> [Your assignment]
Word for word, copy the line that contains "Character: 湜" and each line after it in the data below. Pictures stay out of the copy.

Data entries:
+ + + + +

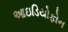
આઇડિયોફોન
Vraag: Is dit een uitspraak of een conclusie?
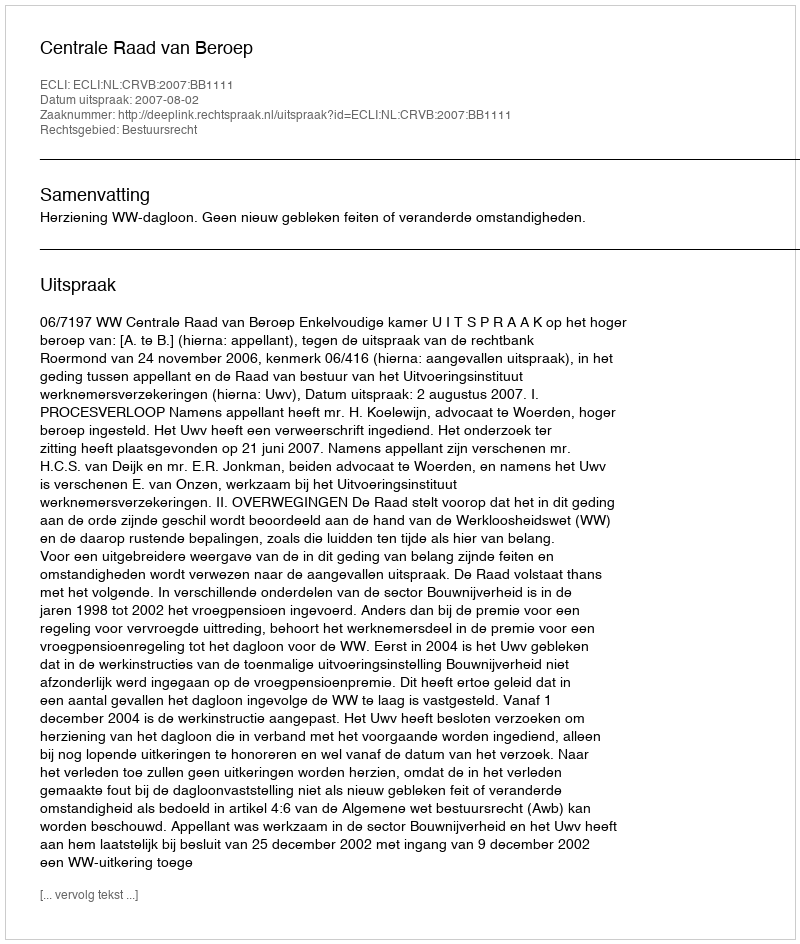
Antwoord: Uitspraak
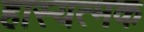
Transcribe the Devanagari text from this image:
हास्यत्मक
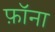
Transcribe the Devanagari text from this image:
फ़ॉना
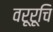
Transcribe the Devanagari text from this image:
वरूरूचि
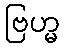
ဗြဟ္မ
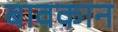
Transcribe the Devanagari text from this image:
बावकान
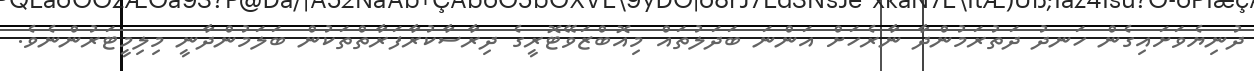
ދުނިޔެވަށައިގެން ހަނދު ދަތުރަމުންދާ ނާރެހަށް އަންނަ ބަދަލުތައް މިއޮބްޒަވޭޓޮރީގެ ދިރާސާކުރާފަރާތްތަކުން ބަލަމުންދާނީ މިލިމީޓަރުންނެވެ.
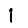
Digit: 1
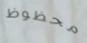
محظوظ
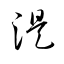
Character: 湜
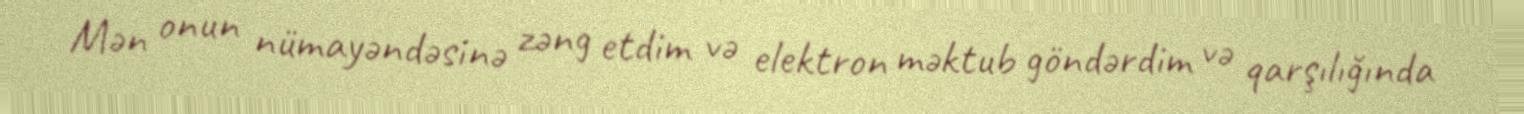
Mən onun nümayəndəsinə zəng etdim və elektron məktub göndərdim və qarşılığında
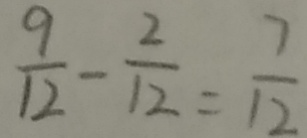
\frac { 9 } { 1 2 } - \frac { 2 } { 1 2 } = \frac { 7 } { 1 2 }
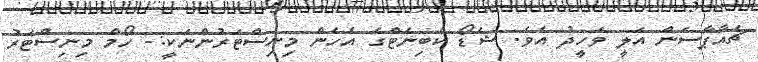
ޗެއާޕާސަން އަލީ ވަހީދު އެވެ. ޝެޑޯ ކެބިނެޓްގެ އެހެން މިނިސްޓަރުންނަކީ:- ހޯމް މިނިސްޓަރު
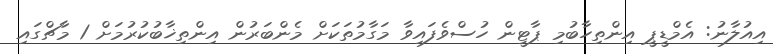
އިއުލާނު: އެމްޑީޕީ އިންތިހާބުމި ޕާޓީން ހުސްވެފައިވާ މަގާމުތަކަށް މެންބަރުން އިންތިޚާބުކުރުމަށް 1 މާޗްގައި
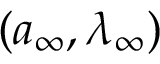
( { a } _ { \infty } , \lambda _ { \infty } )
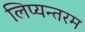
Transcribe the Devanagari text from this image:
लिप्यन्तरम
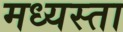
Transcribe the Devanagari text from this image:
मध्‍यस्ता
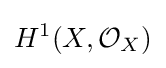
H^{1}(X,{\mathcal {O}}_{X})
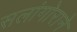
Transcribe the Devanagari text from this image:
सलांगोराने
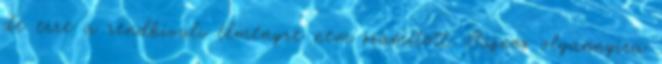
de erre a rendkívüli élményre nem számított. Sajnos olyannyira
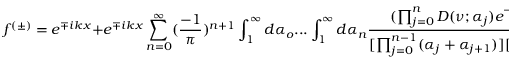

+ + + + +

> [Response to this exercise]
Character: 湜
Mən onun nümayəndəsinə zəng etdim və elektron məktub göndərdim və qarşılığında
\frac { 9 } { 1 2 } - \frac { 2 } { 1 2 } = \frac { 7 } { 1 2 }
ޗެއާޕާސަން އަލީ ވަހީދު އެވެ. ޝެޑޯ ކެބިނެޓްގެ އެހެން މިނިސްޓަރުންނަކީ:- ހޯމް މިނިސްޓަރު
އިއުލާނު: އެމްޑީޕީ އިންތިހާބުމި ޕާޓީން ހުސްވެފައިވާ މަގާމުތަކަށް މެންބަރުން އިންތިޚާބުކުރުމަށް 1 މާޗްގައި
( { a } _ { \infty } , \lambda _ { \infty } )
Transcribe the Devanagari text from this image:
लिप्यन्तरम
Transcribe the Devanagari text from this image:
मध्‍यस्ता
H^{1}(X,{\mathcal {O}}_{X})
Transcribe the Devanagari text from this image:
सलांगोराने
de erre a rendkívüli élményre nem számított. Sajnos olyannyira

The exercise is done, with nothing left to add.